From Murfreesboro’ Forrest made his celebrated feint on Nashville, causing panic and wild confusion in that devoted town.  In his official report he says:  “I hear the enemy was badly scared.  I regret exceedingly I had so few men.  I might have captured the city without trouble.”  The Murfreesboro’ fight made Forrest a brigadier-general, and he was given command of a division.  Wharton was now in command of the brigade and Major Harrison of the “Rangers,” and Bragg and Buell were racing towards Louisville, the “Rangers” in front of Buell stubbornly contesting every mile of his march.  At Bardstown, Kentucky, Wharton was ordered by General Wheeler to hold a certain position for a given time, to allow Bragg to move away.  The brigade was in an open field, men and horses resting.  The “Rangers” had been in the saddle forty-eight hours, and most of that time fighting.  The scouts sent to reconnoiter came flying in to report that they were surrounded by Buell’s army.  Captain Jaron’s company, guarding the rear, was seen moving rapidly towards the regiment.  Coloenl Harrison remarked to Wharton:  “There is great danger when Jarmon retreats in a hurry.  What had best be done?”  Wharton replied: “Charge them outright.  Up, Rangers, and at them!”  And as the Federal cavalry, like a great blue cloud, charged down upon the little band with drawn sabers, gallant Ben Polk wrapped his bridle-reins around the pommel of his saddle, and, holding his six-shooter in his right hand, blew a defiant charge with his left.  Jarmon wheeled into position, and the “Rangers” with a wild yell thundered down upon the advancing column.  White got to one side with his two small cannon to allow the rear to pass, and, seeing a place to operate, unlimbered and poured shot into the enemy over the heads of the “Rangers.”  The Federals broke in confusion, throwing arms and accoutrements away as they scattered,-- “Texas six-shooter against Yakee sabre, and victorious.”  Wharton had cut his way through to Wheeler, and was made a brigadier for this charge.
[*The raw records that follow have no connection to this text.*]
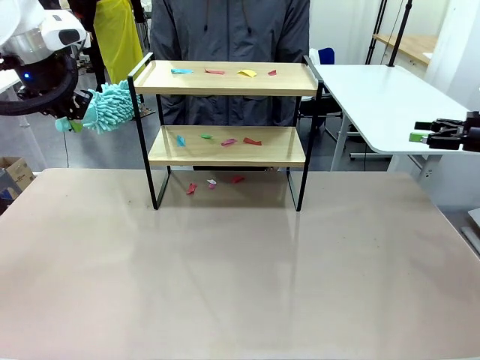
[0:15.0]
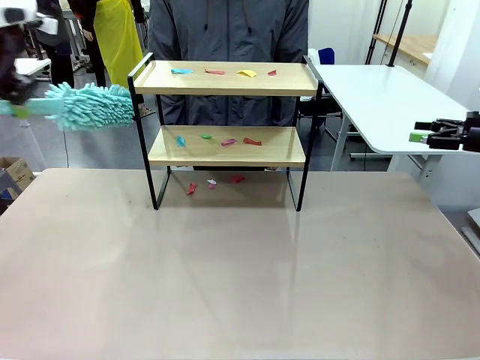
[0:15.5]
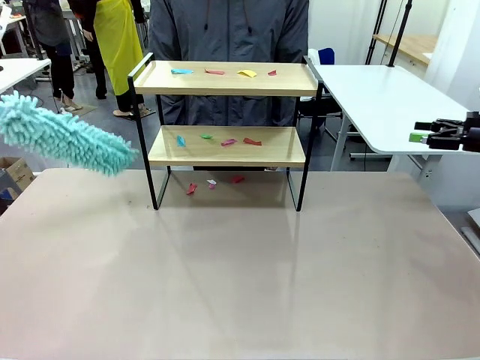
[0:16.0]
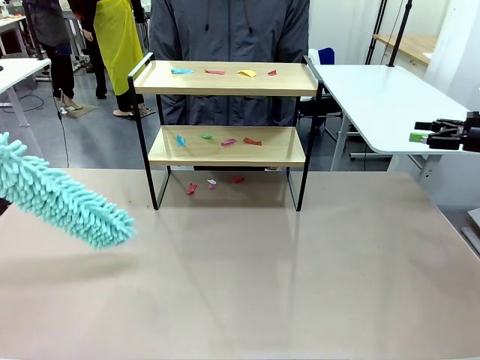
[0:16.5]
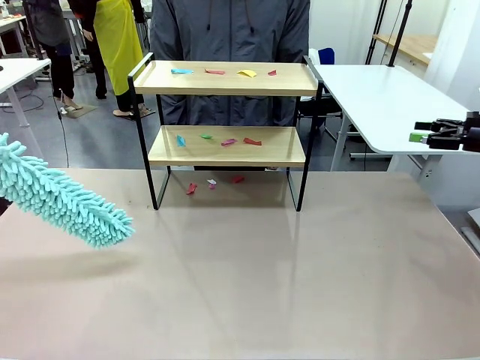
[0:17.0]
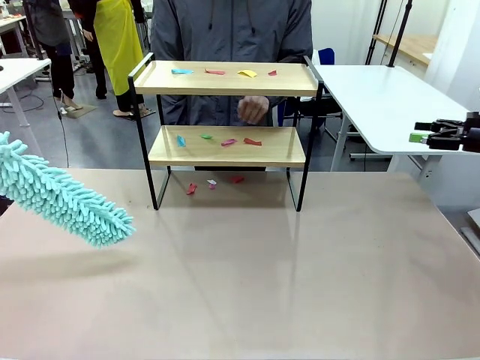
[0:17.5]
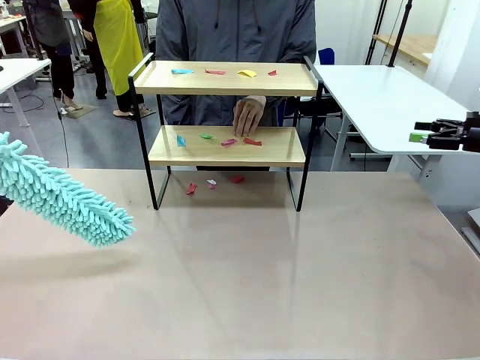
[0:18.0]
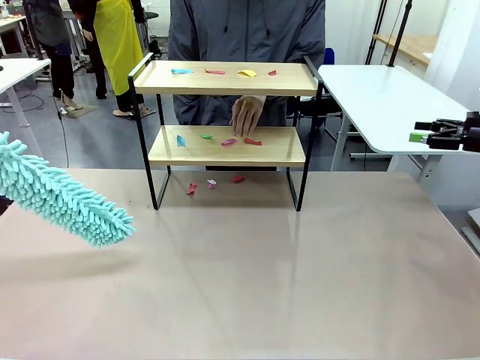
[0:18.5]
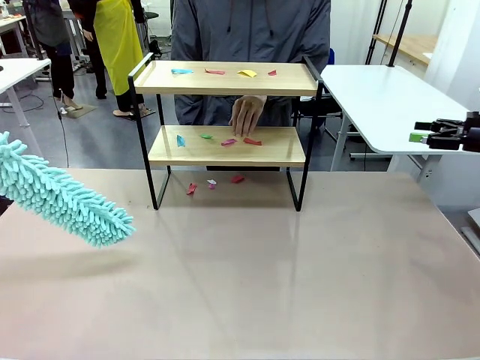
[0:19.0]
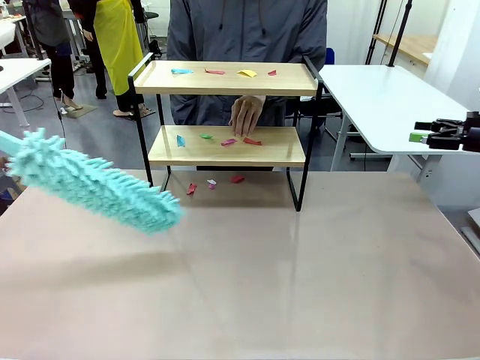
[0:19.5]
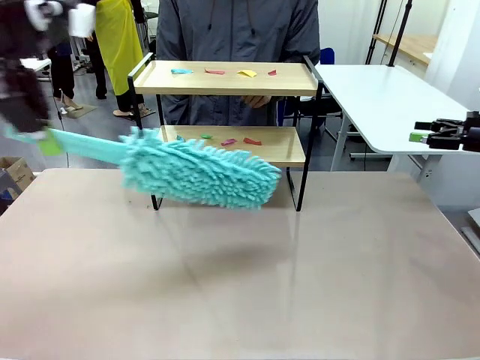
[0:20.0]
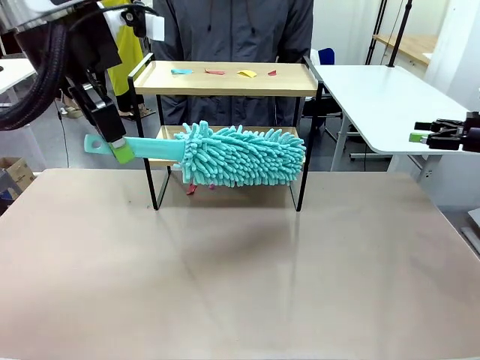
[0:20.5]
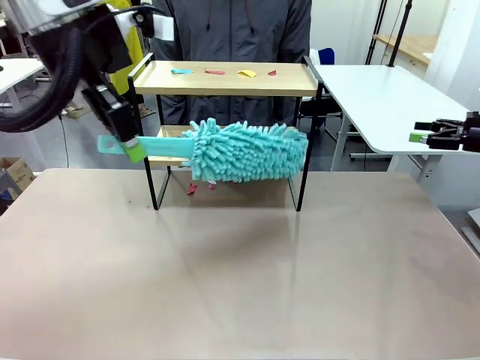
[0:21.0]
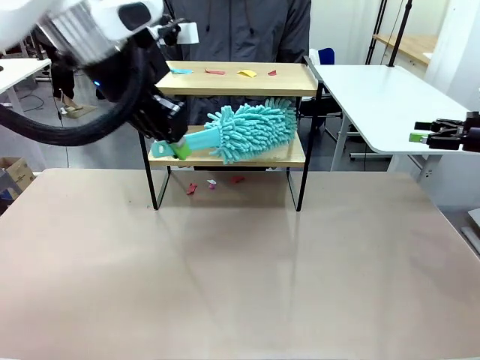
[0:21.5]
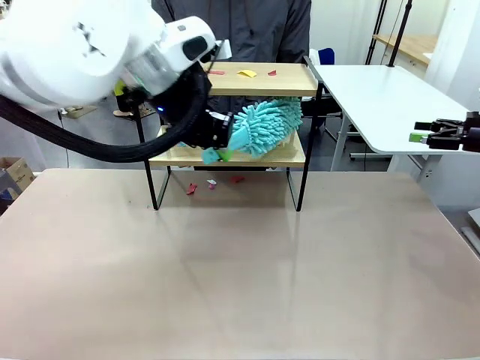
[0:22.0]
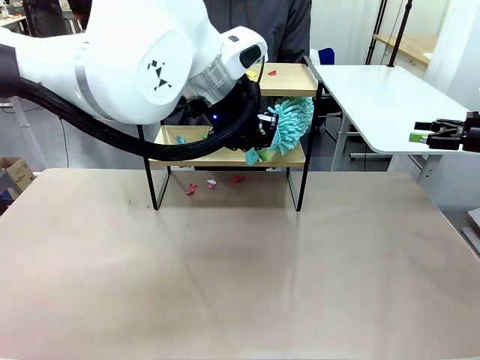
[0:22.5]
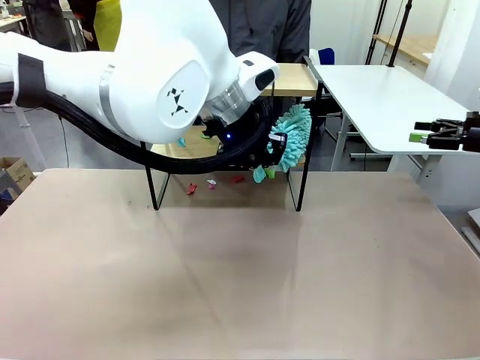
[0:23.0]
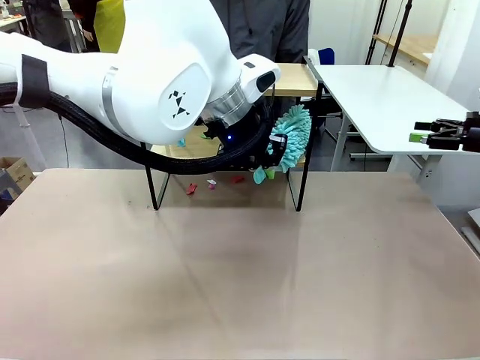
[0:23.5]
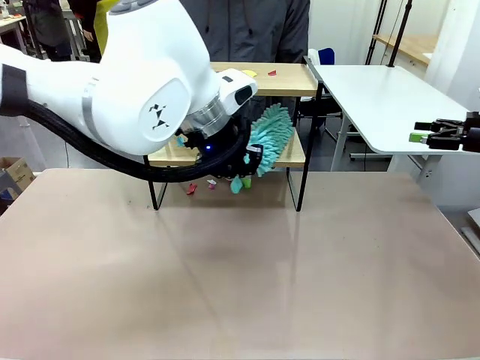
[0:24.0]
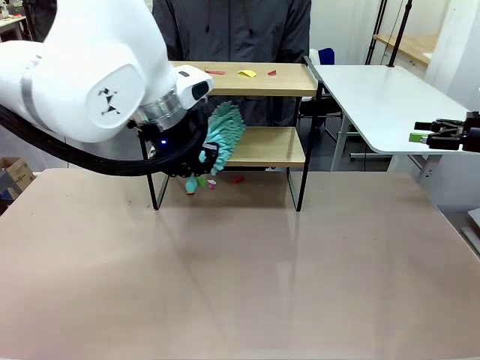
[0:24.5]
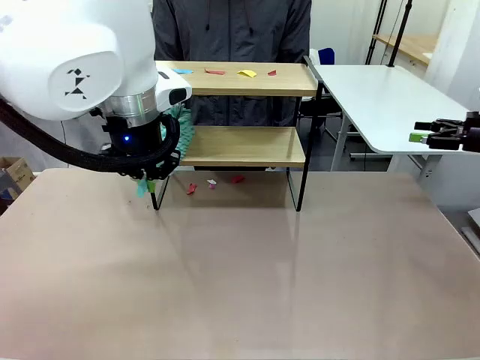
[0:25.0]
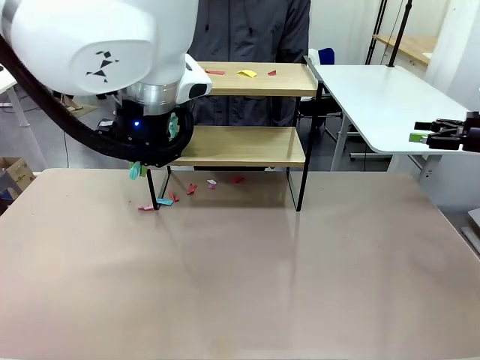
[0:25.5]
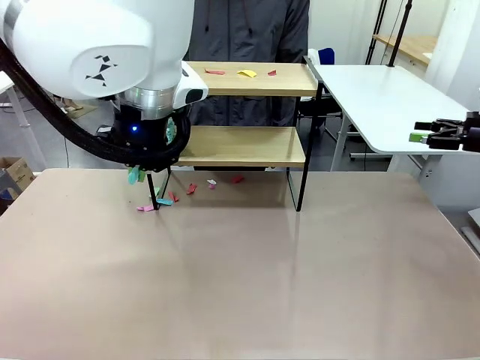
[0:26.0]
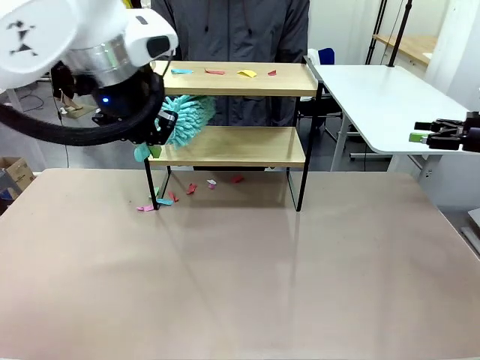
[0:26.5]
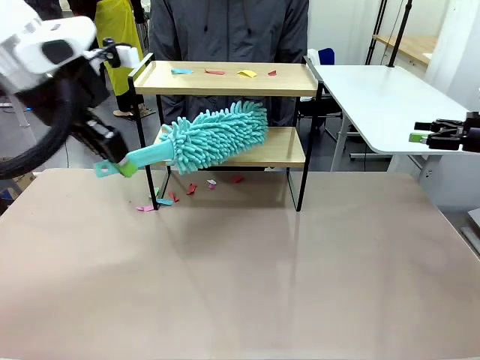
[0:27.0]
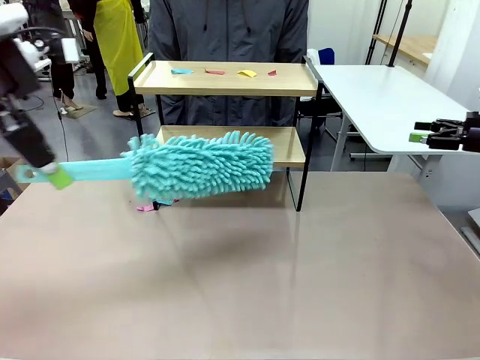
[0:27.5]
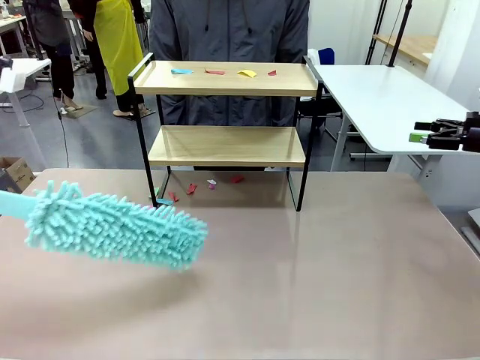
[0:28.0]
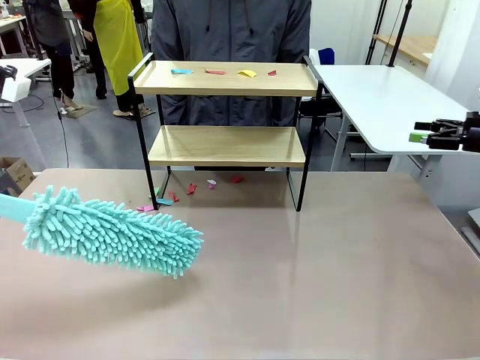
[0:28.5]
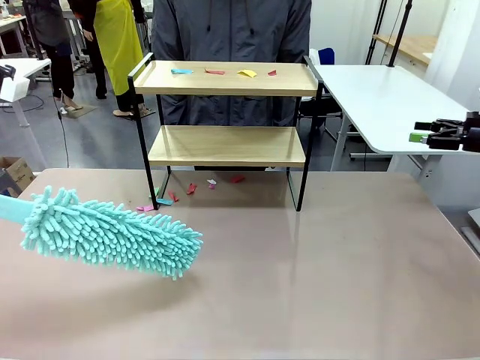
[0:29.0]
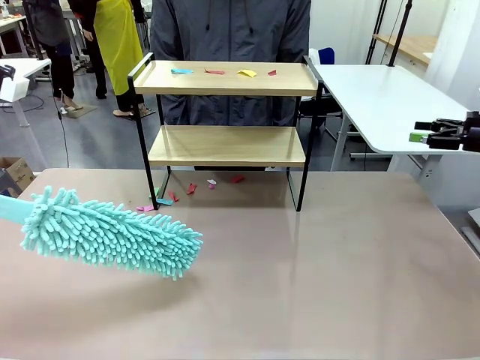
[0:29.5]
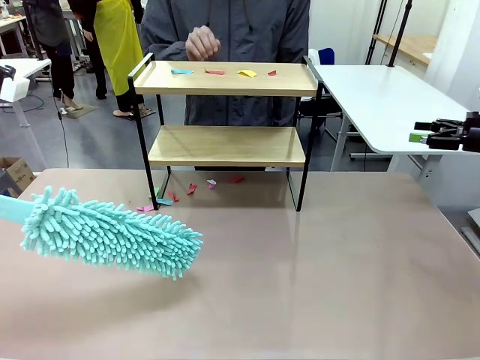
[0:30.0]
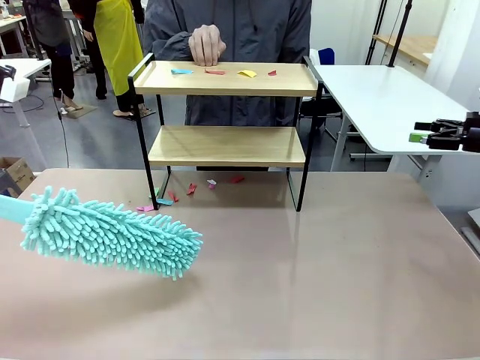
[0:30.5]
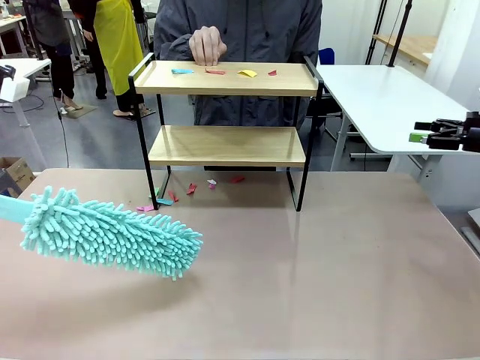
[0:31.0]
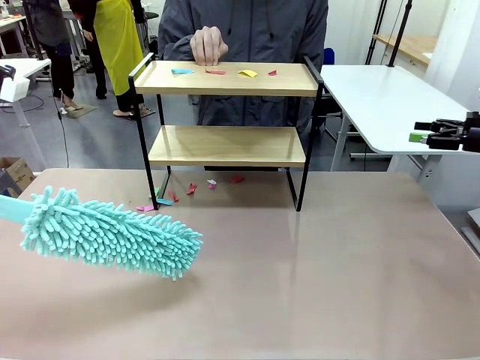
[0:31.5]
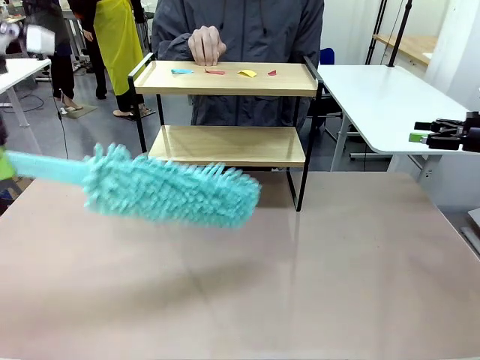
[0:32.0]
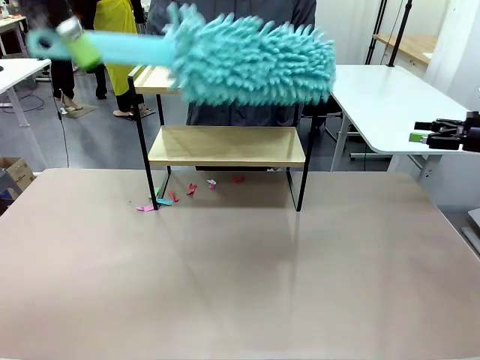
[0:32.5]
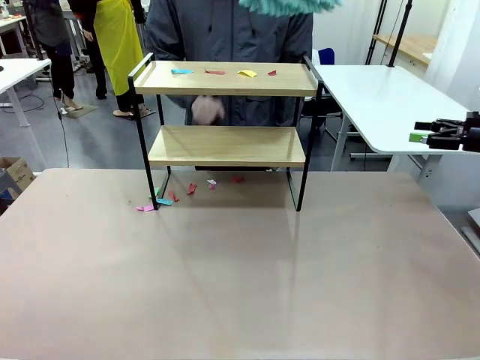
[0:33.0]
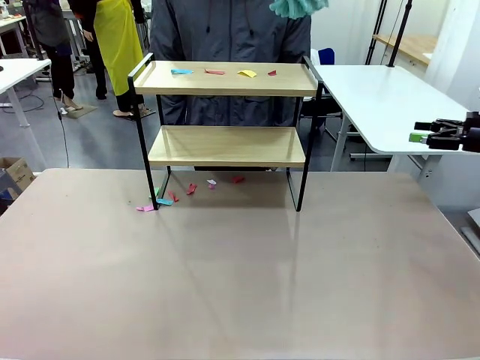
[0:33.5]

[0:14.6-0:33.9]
Task: Clean the shelf.
Robot: Clean the specific section of the Shelf indicated by the human with the Duster.
Person: Point a random section of the Shelf.

On the morning of the 18th of October, after twenty-three days of hard fighting, hunger, and hardship, they were halted on Harrodsburg Creek, near Perryville, Kentucky.  The Federals held a position on a timbered ridge opposite, on which they had posted on hundred and twenty cannon.  The Confederate army lay along the bluff on the creek; between the two armies was an open field.  While Bragg was awaiting an attack by the enemy’s artillery in the morning, Buell sent a detachment to flank his rear.  To extricate himself, Bragg ordered his cavalry to attack.  Wharton’s brigade moved out on the flank of the Federals until it was in line on the right of Hardee.  Wheeler’s cavalry filed in from the main body and assumed position on Wharton’s right.  It was soon discovered that the Confederate cavalry was to make one grand charge, and to pus h on until the Federal army should change its front or repel them.  Wharton and his staff took position at the head of the “Rangers,” and a charge was ordered.  They move like the wind on the batteries belching flame.  Whole sections of the brigade are moved down, but they ride steadily and faster until they reach the cannon’s mouth, and the six-shooter does its effective work.  Cheer after cheer comes up fro the Confederates in the valley, and Hardee and Cheatham ascend the hill in one of the most superb infantry charges of the war.  Slowly the Federals give back, and night closes with the Confederates in possession of the field.  In the night Bragg falls back towards Cumberland Gap, and the hotly-contested field of Perryville is “without results.”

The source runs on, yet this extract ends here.